Class Meeting 8 Intro to plotting with ggplot2, Part II

8.1 Orientation

8.1.1 Worksheet

You can find a worksheet template for today here.

8.1.2 Announcements

From Assignment 3 onwards, whenever you produce an HTML file, you must link to a rendered version of the file. We’ll cover this today.

8.1.3 Today

  • GitHub Pages (15 min)
  • Continue with ggplot2: a tour of some important geoms (20 min)
  • ggplot2 exercises from the worksheet (40 min)

8.2 Participation repository and GitHub Pages (15 min)

8.2.1 GitHub Pages

You can turn your GitHub repository into a website, by enabling GitHub Pages on that repo.

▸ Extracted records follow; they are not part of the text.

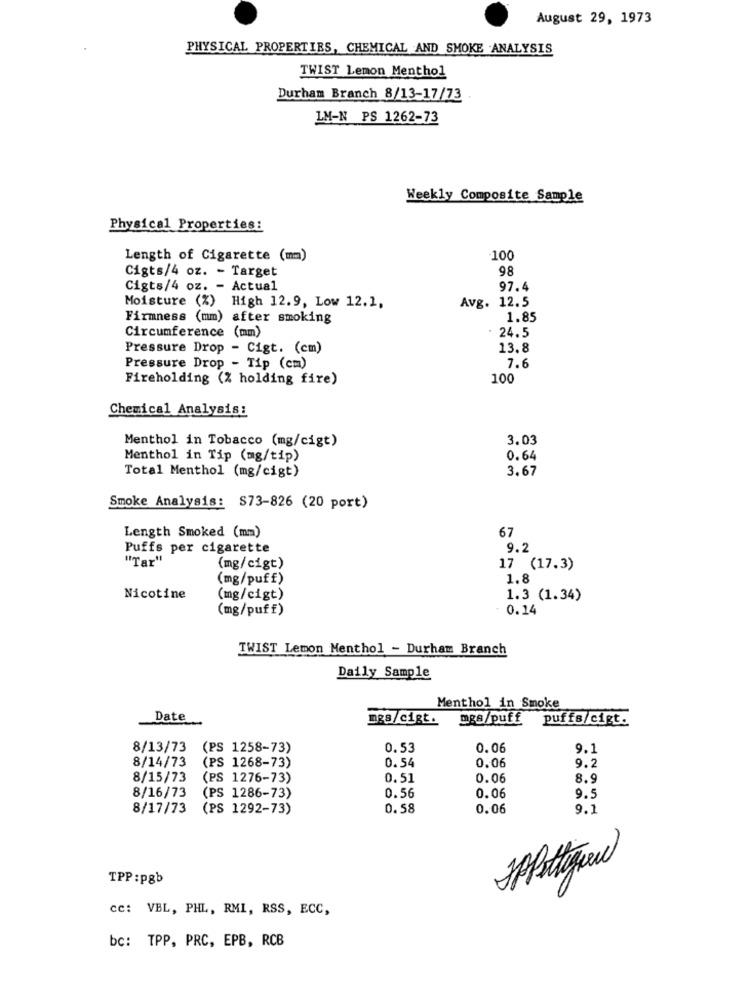
August 29, 1973
PHYSICAL PROPERTIES, CHEMICAL AND SMOKE ANALYSIS
TWIST Lemon Menthol
Durham Branch 8/13-17/73
LM-N PS 1262-73
Weekly Composite Sample
Physical Properties:
Length of Cigarette (mm)
-100
Cigts/4 oz. - Target
98
Cigts/4 oz. - Actual
97.4
Avg. 12.5
Moisture (%) High 12.9, Low 12.1.
Firmness (mm) after smoking
1.85
Circumference (mm)
24.5
Pressure Drop - Cigt. (cm)
13.8
Pressure Drop - Tip (cm)
7.6
Fireholding (% holding fire)
100
Chemical Analysis:
Menthol in Tobacco (mg/cigt)
3.03
Menthol in Tip (mg/tip)
0.64
Total Menthol (mg/cigt)
3.67
Smoke Analysis: S73-826 (20 port)
67
Length Smoked (mm)
Puffs per cigarette
9.2
"Tar"
(mg/cigt)
17 (17.3)
(mg/puff)
1.8
Nicotine
(mg/cigt)
1.3 (1.34)
(mg/puff)
0.14
TWIST Lemon Menthol - Durham Branch
Daily Sample
Menthol in Smoke
Date
mes/cigt.
mgs/puff
puffs/cigt.
8/13/73
(PS 1258-73)
0.53
0.06
9.1
8/14/73
(PS 1268-73)
0.54
0.06
9.2
8/15/73
(PS 1276-73)
0.51
0.06
8.9
8/16/73
(PS 1286-73)
0.56
0.06
9.5
8/17/73
(PS 1292-73)
0.58
0.06
9.1
HPPotteque
TPP:pgb
cc: VBL, PHL, RMI, RSS, ECC,
bc: TPP, PRC, EPB, RCB

This is useful for something as small as being able to display HTML files without getting a local copy of the repository, to something as big as making a full fledged website like the stat545.stat.ubc.ca website.

  • If you make a repo called yourusername.github.io, and enable GitHub Pages on that repo, then the URL of the website will be https://yourusername.github.io/.
  • If you enable GitHub pages on any other repo, the URL for that repo will be https://yourusername.github.io/name_of_other_repo.

Learn more with GitHub’s GitHub Pages tutorial.

8.2.2 Practice with HTML file linking

We’ll practice linking to an HTML file for today’s exercise, by following the instructions on the (new!) “Viewing and Linking to HTML Files” on the assignments home page.

8.3 A tour of some important geoms (20 min)

Here, we’ll explore some common plot types, and how to produce them with ggplot2.

8.3.1 Histograms: geom_histogram()

Useful for depicting the distribution of a continuous random variable. Partitions the number line into bins of certain width, counts the number of observations falling into each bin, and erects a bar of that height for each bin.

Required aesthetics:

  • x: A numeric vector.

By default, a histogram plots the count on the y-axis. If you want to use proportion, specify the y = ..prop.. aesthetic.

You can change the smoothness of the plot via two arguments (your choice):

  • bins: the number of bins/bars shown in the plot.
  • binwidth: the with of the bins shown on the plot.

Example:

8.3.2 Density: geom_density()

Essentially, a “smooth” version of a histogram. Uses kernels to produce the curve.

Required aesthetics:

  • x: A numeric vector.

Good to know:

  • bw argument controls the smoothness: Smaller = rougher.

Example:

8.3.3 Jitter plots: geom_jitter()

A scatterplot, but with minor random perturbations of each point. Useful for scatterplots where points are overlaying, or when one variable is categorical.

Required aesthetics:

  • x: any vector
  • y: any vector

Example:

8.3.4 Box plots: geom_boxplot()

This geom makes a boxplot for a numeric variable in each of a category. Useful for visualizing probability distributions across different categories.

Required aesthetics:

  • x: A factor (categorical variable)
  • y: A numeric variable

Example:

8.3.5 Ridge plots: ggridges::geom_density_ridges()

A (superior?) alternative to the boxplot, the ridge plot (also known as the joy plot) places a kernel density for each group, instead of the box.

You’ll need to install the ggridges package. You can do lots more with ridges – check out the ggridges intro vignette.

Required aesthetics (reversed from boxplots!)

  • x: A numeric variable
  • y: A factor (categorical variable)

Example:

## Picking joint bandwidth of 2.23

8.3.6 Bar plots: geom_bar() or geom_col()

These geom’s erect a bar over each category.

geom_bar() automatically determines the height of the bar according to the count of each category.

geom_col() requires a manual specification of the bar heights.

Required aesthetics:

  • x: A categorical variable
  • y: A numeric variable (only required for geom_col()!)
    • To use proportion in geom_bar() instead of count, set y = ..prop..

Example: number of 4-, 6-, and 8- cylinder cars in the mtcars dataset:

8.3.7 Line charts: geom_line()

A line plot connects points with straight lines, from left-to-right. Especially useful if time is on the x-axis.

Required aesthetics:

  • x: a variable having some ordering to it.
  • y: a numeric variable.

Although not required, the group aesthetic will come in handy here. This aesthetic produces a plot independently for each group, and overlays the results.

8.3.8 Path plots: geom_path()

Like geom_line(), except connects points in the order that they appear in the dataset.

8.4 Activity: Fix the Plots (40 min)

Fill out the worksheet together.

8.5 Time remaining?

If so, let’s make tibbles with tibble(), and make a list column while we’re at it. Maybe even nest() and unnest().